A wider foot print would help.

Did you open up the wall where it's fastened and add nailers to attach it?


----------



## cbaur88 (Jan 25, 2011)

joecaption said:


> One way since you've already built the wall is to make it a double wall, just add another 2 X 4 wall next to it. Would have been better to make it 2 X 6 instead but to late now.
> A wider foot print would help.
> 
> Did you open up the wall where it's fastened and add nailers to attach it?

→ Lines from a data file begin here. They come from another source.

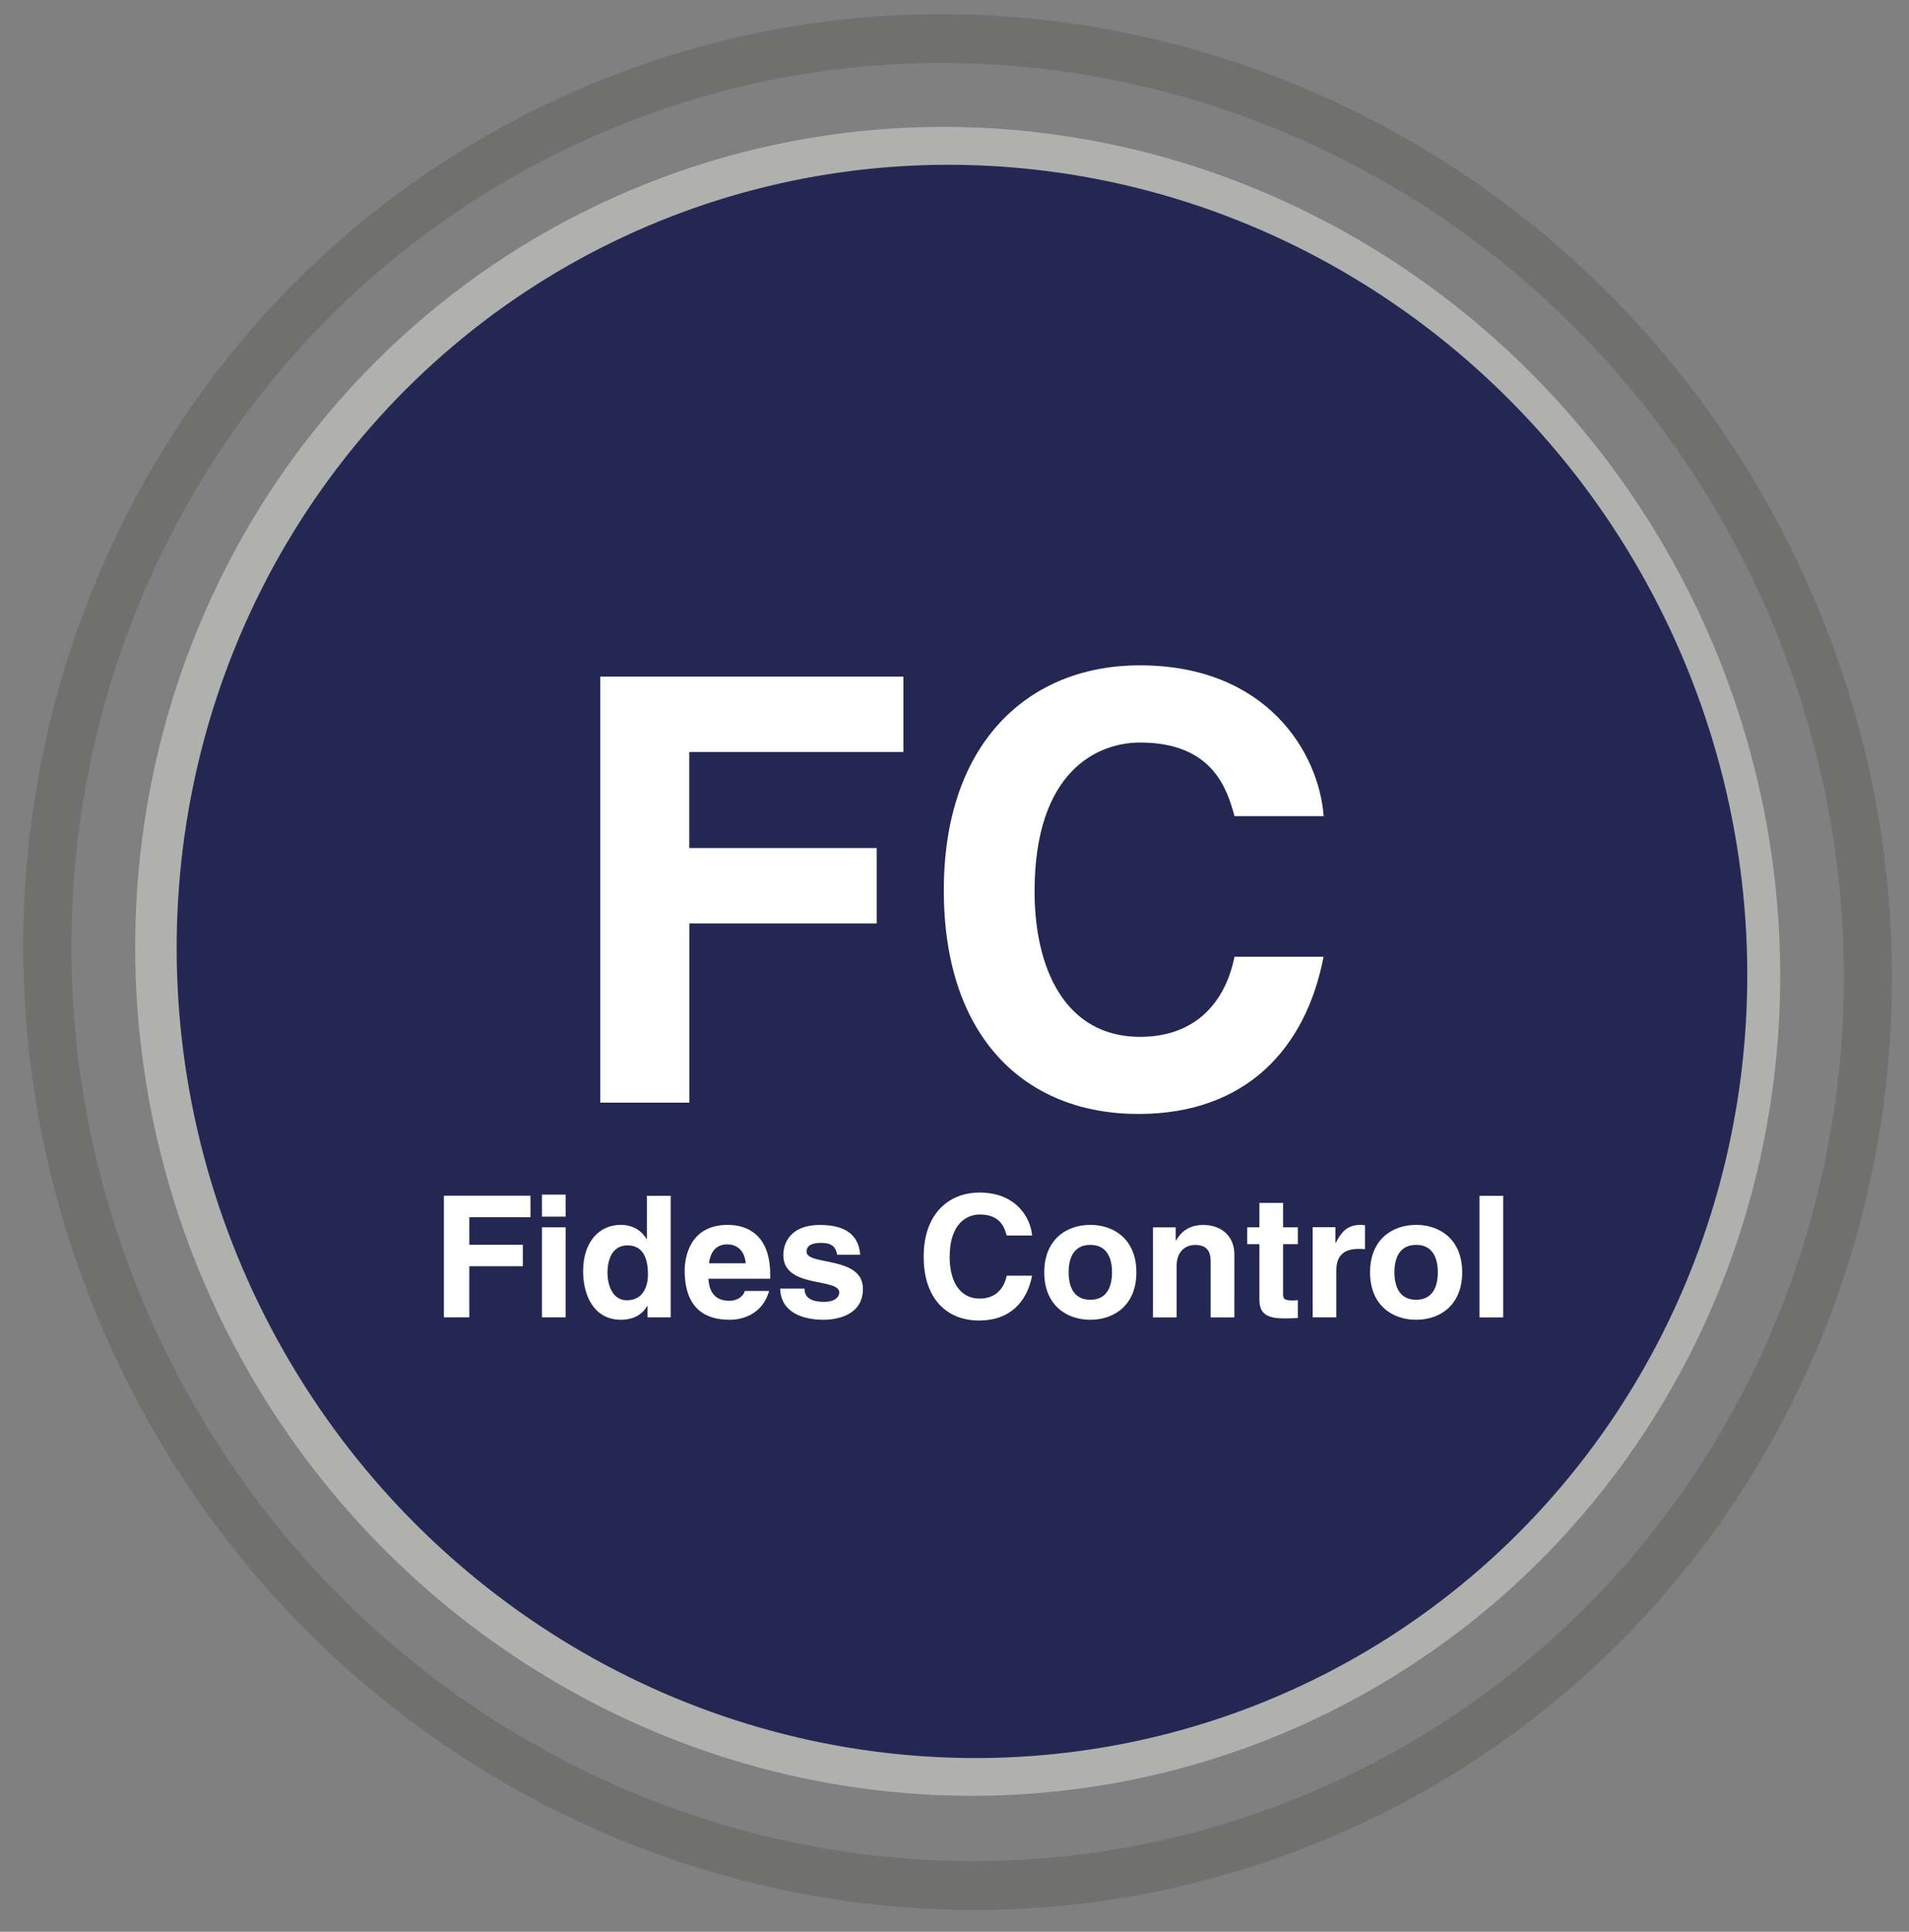 <?xml version="1.0" encoding="utf-8"?>
<!-- Generator: Adobe Illustrator 27.0.1, SVG Export Plug-In . SVG Version: 6.00 Build 0)  -->
<svg version="1.1" id="Capa_1" xmlns="http://www.w3.org/2000/svg" xmlns:xlink="http://www.w3.org/1999/xlink" x="0px" y="0px"
	 viewBox="0 0 222.55 225.19" style="enable-background:new 0 0 222.55 225.19;" xml:space="preserve">
<rect x="0" y="0" width="222.55" height="225.19" fill="#808080" stroke="none"/>
<style type="text/css">
	.st0{fill-rule:evenodd;clip-rule:evenodd;fill:#B0B0AF;}
	.st1{fill-rule:evenodd;clip-rule:evenodd;fill:#70706F;}
	.st2{fill-rule:evenodd;clip-rule:evenodd;fill:#242752;}
	.st3{fill-rule:evenodd;clip-rule:evenodd;fill:#FFFFFF;}
</style>
<g>
	
		<ellipse transform="matrix(0.906 -0.423 0.423 0.906 -36.937 57.685)" class="st0" cx="111.64" cy="112.15" rx="95.51" ry="97.67"/>
	<path class="st1" d="M64.77,11.64c54.29-25.32,119.28-0.84,145.17,54.68c25.89,55.51,2.86,121.04-51.43,146.35
		S39.22,213.5,13.34,157.99C-12.55,102.48,10.48,36.95,64.77,11.64L64.77,11.64z M67.18,16.81C15.68,40.82-6.16,102.98,18.4,155.63
		c24.55,52.65,86.2,75.87,137.7,51.86c51.49-24.01,73.34-86.16,48.78-138.82C180.32,16.02,118.67-7.2,67.18,16.81z"/>
	
		<ellipse transform="matrix(0.906 -0.423 0.423 0.906 -36.892 57.904)" class="st2" cx="112.14" cy="112.15" rx="91.19" ry="93.24"/>
	<path class="st3" d="M80.35,107.65h21.86v-8.79H80.35V87.66h24.97v-8.79H69.98v49.67h10.38V107.65L80.35,107.65z M154.31,95.13
		c-0.55-7.33-6.57-17.57-21.45-17.57c-12.8,0-22.83,8.86-22.83,26.22c0,17.16,9.48,26.08,22.69,26.08
		c12.45,0,19.51-7.54,21.58-18.33h-10.38c-1.25,6.09-5.26,9.34-11,9.34c-8.79,0-12.31-8.02-12.31-16.95
		c0-14.04,7.33-17.36,12.31-17.36c8.58,0,10.17,5.6,11,8.58H154.31z"/>
	<path class="st3" d="M51.75,153.57 M54.71,147.61h6.24v-2.51h-6.24v-3.2h7.13v-2.51H51.75v14.18h2.96V147.61z"/>
	<path class="st3" d="M63.18,153.57 M63.18,143.07v10.5h2.76v-10.5H63.18L63.18,143.07z M65.94,139.26h-2.76v2.57h2.76V139.26
		L65.94,139.26z M67.98,153.57 M78.18,139.4h-2.76v5.03h-0.04c-0.43-0.67-1.26-1.64-3.04-1.64c-2.31,0-4.36,1.78-4.36,5.41
		c0,2.88,1.3,5.65,4.42,5.65c1.15,0,2.37-0.41,3.04-1.6h0.04v1.32h2.71V139.4L78.18,139.4z M70.82,148.4c0-1.66,0.59-3.22,2.35-3.22
		c1.9,0,2.37,1.7,2.37,3.38c0,1.56-0.69,3.02-2.45,3.02C71.31,151.58,70.82,149.64,70.82,148.4L70.82,148.4z M79.82,153.57
		 M86.83,150.49c-0.22,0.75-1.01,1.15-1.78,1.15c-2.23,0-2.39-1.78-2.47-2.57h7.21v-0.49c0-4.8-2.86-5.79-4.94-5.79
		c-4.6,0-5.03,4.05-5.03,5.31c0,4.32,2.27,5.75,5.23,5.75c1.8,0,3.89-0.83,4.62-3.36H86.83L86.83,150.49z M82.66,147.27
		c0.16-1.38,0.85-2.21,2.15-2.21c0.89,0,1.97,0.51,2.13,2.21H82.66L82.66,147.27z M90.94,153.57 M100.28,146.27
		c-0.22-2.96-2.67-3.47-4.72-3.47c-3.28,0-4.24,1.97-4.24,3.51c0,3.93,6.52,2.61,6.52,4.36c0,0.39-0.34,1.09-1.76,1.09
		c-1.74,0-2.29-0.65-2.29-1.54h-2.84c0.08,2.8,2.67,3.63,5.05,3.63c1.64,0,4.6-0.55,4.6-3.61c0-3.87-6.57-2.67-6.57-4.32
		c0-0.45,0.2-1.03,1.7-1.03c1.5,0,1.74,0.71,1.86,1.38H100.28L100.28,146.27z M107.68,153.57 M120.32,144.04
		c-0.16-2.09-1.88-5.02-6.12-5.02c-3.65,0-6.52,2.53-6.52,7.48c0,4.9,2.7,7.44,6.48,7.44c3.55,0,5.57-2.15,6.16-5.23h-2.96
		c-0.36,1.74-1.5,2.67-3.14,2.67c-2.51,0-3.51-2.29-3.51-4.84c0-4.01,2.09-4.96,3.51-4.96c2.45,0,2.9,1.6,3.14,2.45H120.32
		L120.32,144.04z M121.74,153.57 M132.48,148.32c0-3.79-2.55-5.53-5.37-5.53c-2.82,0-5.37,1.74-5.37,5.53s2.55,5.53,5.37,5.53
		C129.93,153.85,132.48,152.11,132.48,148.32L132.48,148.32z M129.64,148.32c0,1.34-0.4,3.2-2.53,3.2c-2.13,0-2.53-1.86-2.53-3.2
		c0-1.34,0.39-3.2,2.53-3.2C129.24,145.12,129.64,146.98,129.64,148.32L129.64,148.32z M134.41,153.57 M143.91,146.31
		c0-2.31-1.6-3.51-3.65-3.51c-1.99,0-2.78,1.18-3.16,1.82h-0.04v-1.54h-2.65v10.5h2.76v-6.02c0-1.6,0.95-2.43,2.17-2.43
		c1.76,0,1.8,1.3,1.8,2.07v6.38h2.76V146.31L143.91,146.31z M145.39,153.57 M149.58,140.23h-2.76v2.84h-1.42v1.97h1.42v6.38
		c0,1.36,0.43,2.27,2.82,2.27h0.36c0.43,0,0.87-0.02,1.3-0.04v-2.09c-0.2,0.02-0.4,0.04-0.57,0.04c-1.13,0-1.15-0.24-1.15-0.85
		v-5.71h1.72v-1.97h-1.72V140.23L149.58,140.23z M153.03,153.57 M153.03,153.57h2.76v-5.47c0-1.16,0.39-2.51,2.55-2.51
		c0.26,0,0.55,0,0.79,0.04v-2.8c-0.18-0.02-0.36-0.04-0.53-0.04c-1.68,0-2.31,1.03-2.88,2.09h-0.04v-1.82h-2.65V153.57z"/>
	<path class="st3" d="M159.72,153.57 M170.46,148.32c0-3.79-2.55-5.53-5.37-5.53c-2.82,0-5.37,1.74-5.37,5.53s2.55,5.53,5.37,5.53
		C167.92,153.85,170.46,152.11,170.46,148.32L170.46,148.32z M167.62,148.32c0,1.34-0.4,3.2-2.53,3.2c-2.13,0-2.53-1.86-2.53-3.2
		c0-1.34,0.4-3.2,2.53-3.2C167.23,145.12,167.62,146.98,167.62,148.32L167.62,148.32z M172.48,153.57 M175.24,139.4h-2.76v14.18
		h2.76V139.4z"/>
</g>
</svg>

Joe I am gonna take some pic's and post. Someone advised me to do a 2x6 wall but I didn't put two and two together as I was trying to keep the wall thin so it wouldn't take space away from room. On the one end that's not open its flush against wall and secured into the studs in the wall. I'll post a pic to hopefully make more sense in a little bit. Thanks much!


----------



## gregzoll (Dec 25, 2006)

The thinnest that you could go is 2x3, but 2x4 is better. Personally I would do away with the wall all together, and open up the space, with no divider between them.


----------



## cbaur88 (Jan 25, 2011)

gregzoll said:


> The thinnest that you could go is 2x3, but 2x4 is better. Personally I would do away with the wall all together, and open up the space, with no divider between them.


I have to put up a wall it's a split level home and it would be a hazard if no wall was there you could fall off it. I used 2x4's to build wall, thanks!


----------



## cbaur88 (Jan 25, 2011)

*Pic's*

Few Pic's attached!


----------



## hand drive (Apr 21, 2012)

cbaur88 said:


> I have to put up a wall it's a split level home and it would be a hazard if no wall was there you could fall off it. I used 2x4's to build wall, thanks!



a few horizontal 2x4's 7" long added to tie the walls together will make them one unit, also put many screws in the entire wall and then screw it down to the floor and to the joists where the wall goes over the joist...


----------



## gogetter (Feb 6, 2013)

Would it be feasible to put a post at the end of the wall that extends up to the ceiling?


----------



## djlandkpl (Jan 29, 2013)

How far apart are your studs? Missing some in the center of the wall.


----------



## cbaur88 (Jan 25, 2011)

hand drive said:


> a few horizontal 2x4's 7" long added to tie the walls together will make them one unit, also put many screws in the entire wall and then screw it down to the floor and to the joists where the wall goes over the joist...


So between the studs I'd add some 2x4's to tie them together? My appologies if I am not following, thanks!


----------



## cbaur88 (Jan 25, 2011)

djlandkpl said:


> How far apart are your studs? Missing some in the center of the wall.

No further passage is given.